Bilim insanları, bir sonraki pandeminin, uzun süredir çiftliklerde dolaşan bir virüs olabileceği konusunda uyarıda bulunuyor.
Araştırmacılar, hastalığın nasıl geliştiğini inceleyerek, ABD’nin kuş gribinin insan pandemisine dönüşme potansiyeline dair eksik gözlemler nedeniyle uyarılarda bulunuyor. Bu durum, ciddi bir tehdit oluşturabileceği endişesini beraberinde getiriyor.
H5N1 kuş gribi, şu anda Avustralasya dışında tüm kıtalarda tespit edildi. Antarktika’da penguenlerde ve Orta Doğu’da develerde de görüldüğü kaydedildi.

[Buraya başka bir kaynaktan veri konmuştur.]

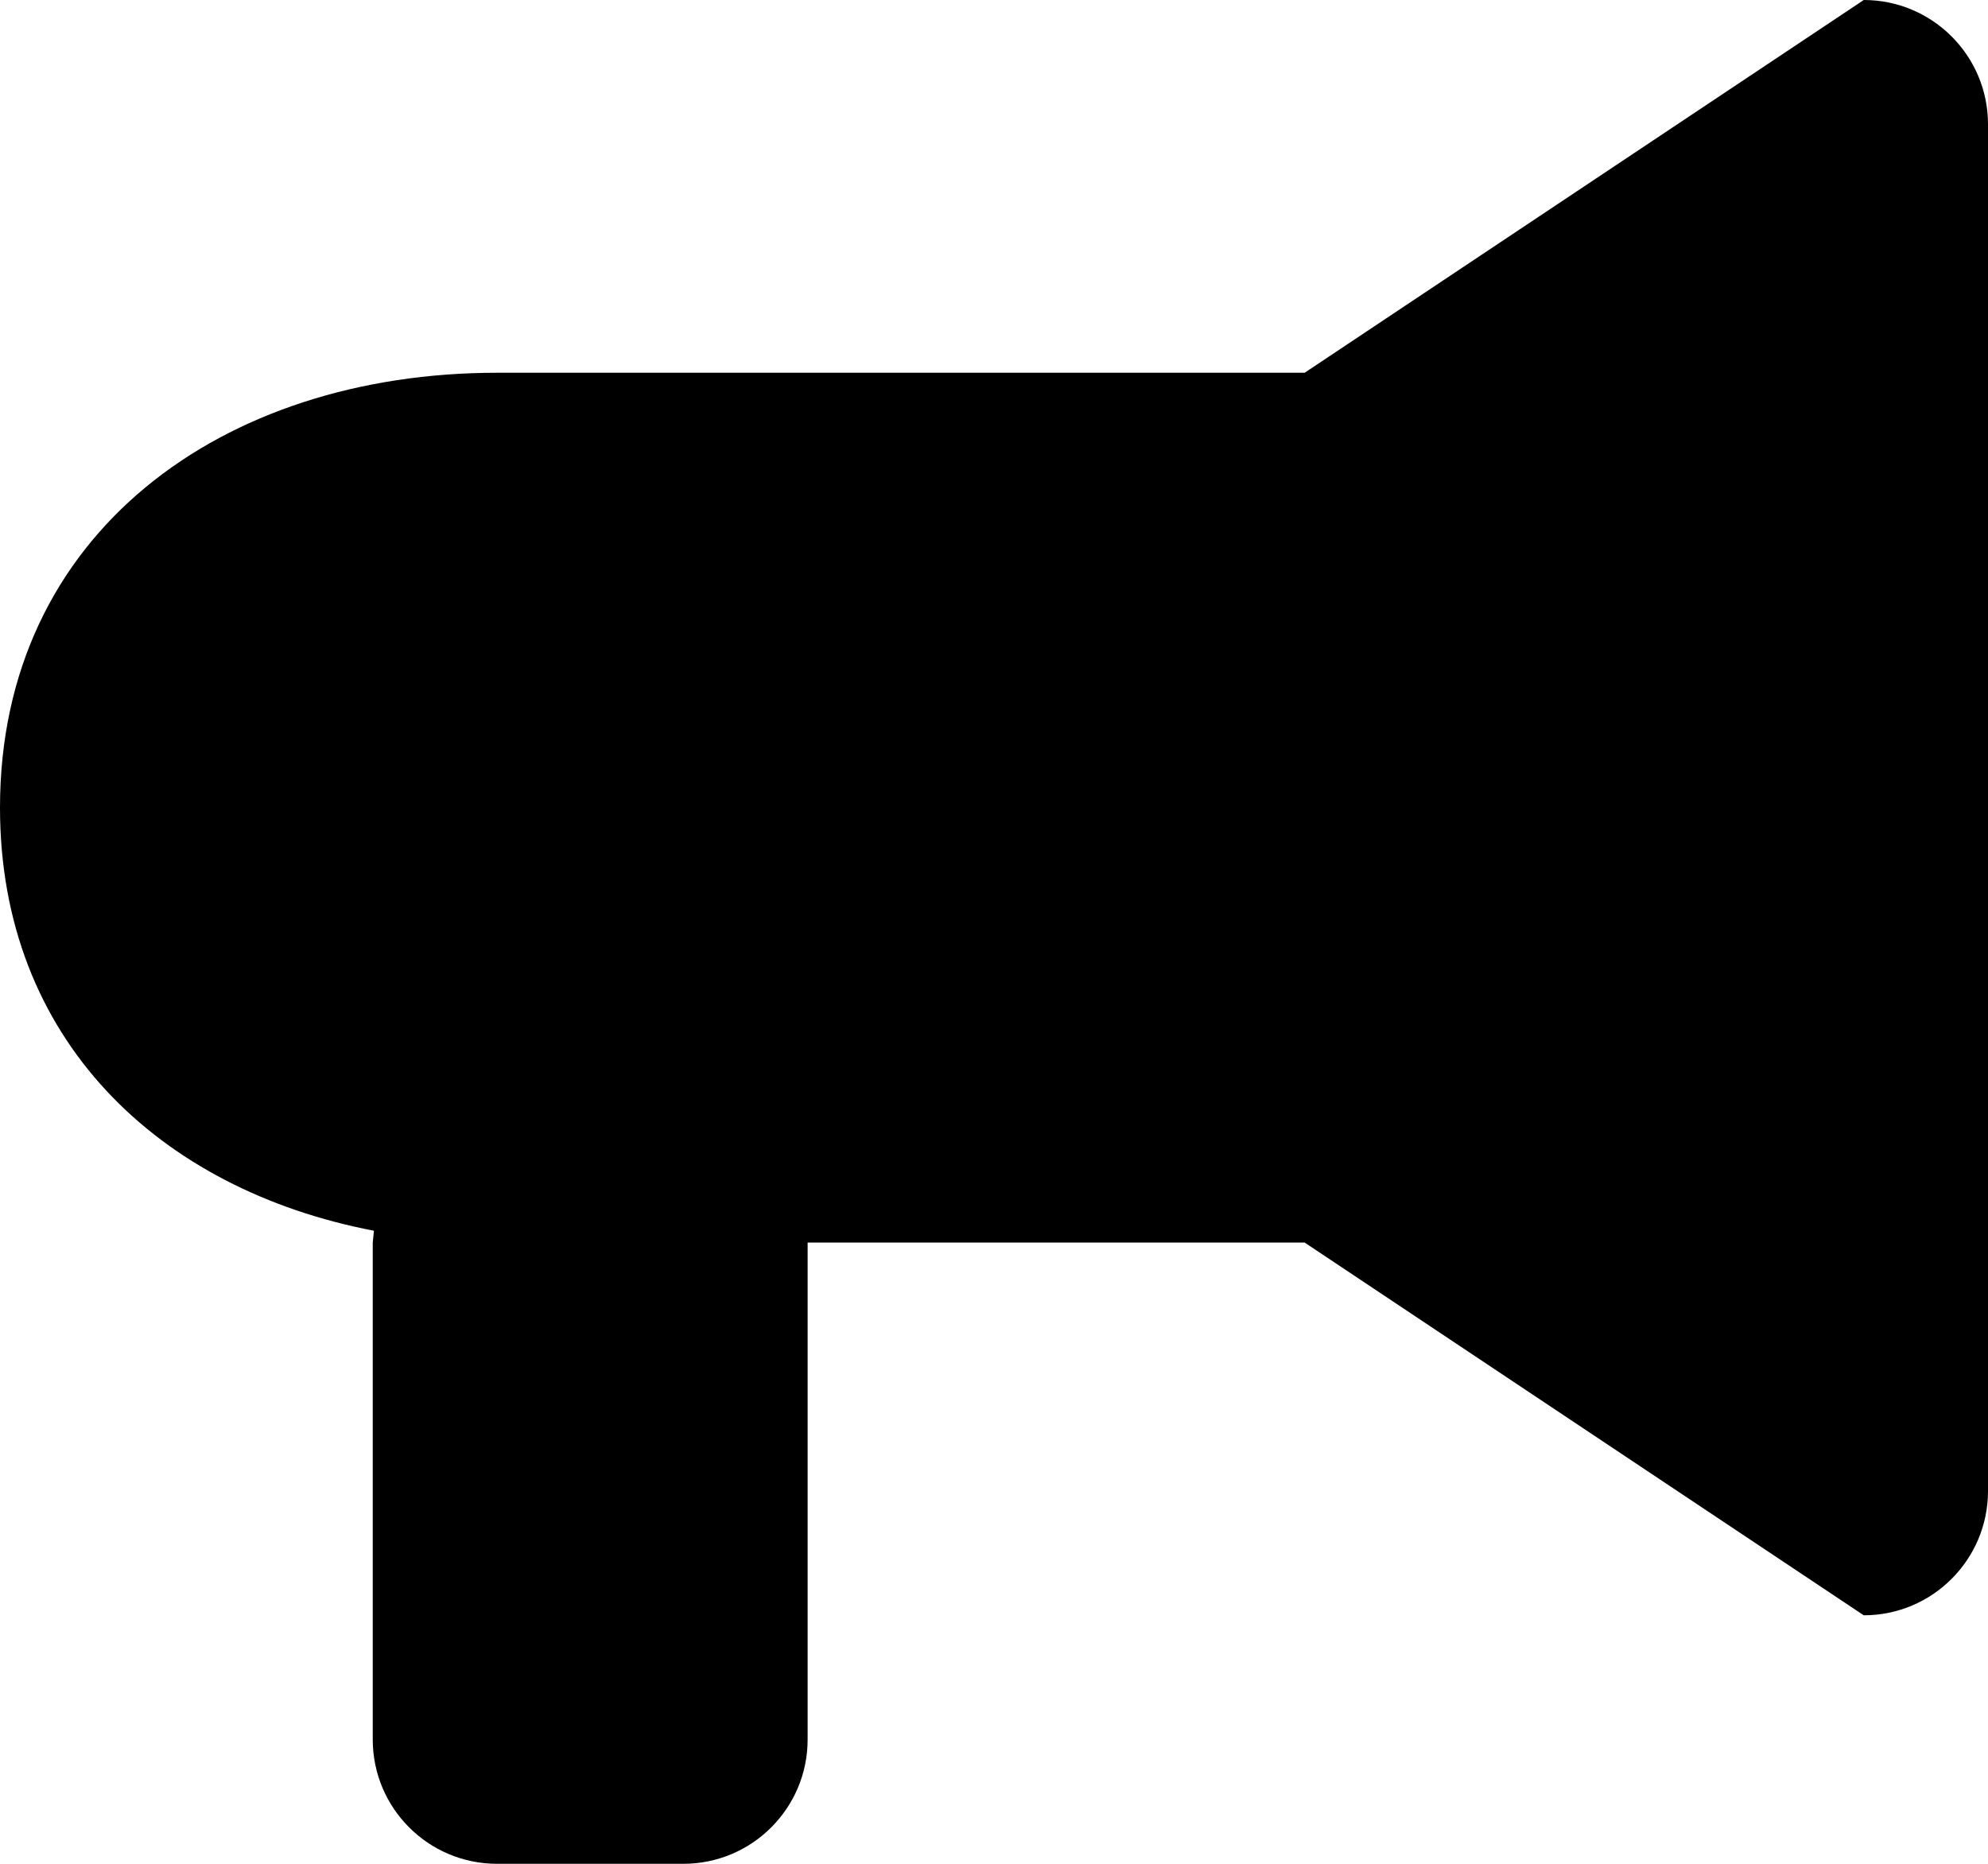 <?xml version="1.0" encoding="utf-8"?>
<!-- Generator: Adobe Illustrator 16.0.0, SVG Export Plug-In . SVG Version: 6.00 Build 0)  -->
<!DOCTYPE svg PUBLIC "-//W3C//DTD SVG 1.1//EN" "http://www.w3.org/Graphics/SVG/1.1/DTD/svg11.dtd">
<svg version="1.1" id="Layer_1" xmlns="http://www.w3.org/2000/svg" xmlns:xlink="http://www.w3.org/1999/xlink" x="0px" y="0px"
	 width="32px" height="30px" viewBox="0 0 32 30" enable-background="new 0 0 32 30" xml:space="preserve">
<g>
	<defs>
		<rect id="SVGID_1_" width="32" height="30"/>
	</defs>
	<clipPath id="SVGID_2_">
		<use xlink:href="#SVGID_1_"  overflow="visible"/>
	</clipPath>
	<path clip-path="url(#SVGID_2_)" d="M30,0l-9,6h-5H8c-4.418,0-8,2.582-8,7c0,3.733,2.561,6.148,6.019,6.81L6,20v8
		c0,1.104,0.896,2,2,2h3c1.104,0,2-0.896,2-2v-8h3h5l9,6c1.104,0,2-0.896,2-2V2C32,0.896,31.104,0,30,0"/>
</g>
</svg>

Bu hastalık, 50 ABD eyaletinin tamamında vahşi kuşlar ve memelilerde görüldü. ABD Tarım Bakanlığına göre, kuş gribi kanatlı hayvan çiftliklerine de sıçradı ve binden fazla sığır sürüsünde tespit edildi. Ayrıca, en az 70 insana bulaşan virüs nedeniyle bir kişi hayatını kaybetti.
Johns Hopkins Bloomberg Kamu Sağlığı Okulu’ndan epidemiyoloji uzmanı Dr. Caitlin Rivers, kuş gribiyle ilgili mücadele çabalarında, hem Başkan Donald Trump hem de Joe Biden dönemlerinde önemli fırsatların kaçırıldığını vurguluyor.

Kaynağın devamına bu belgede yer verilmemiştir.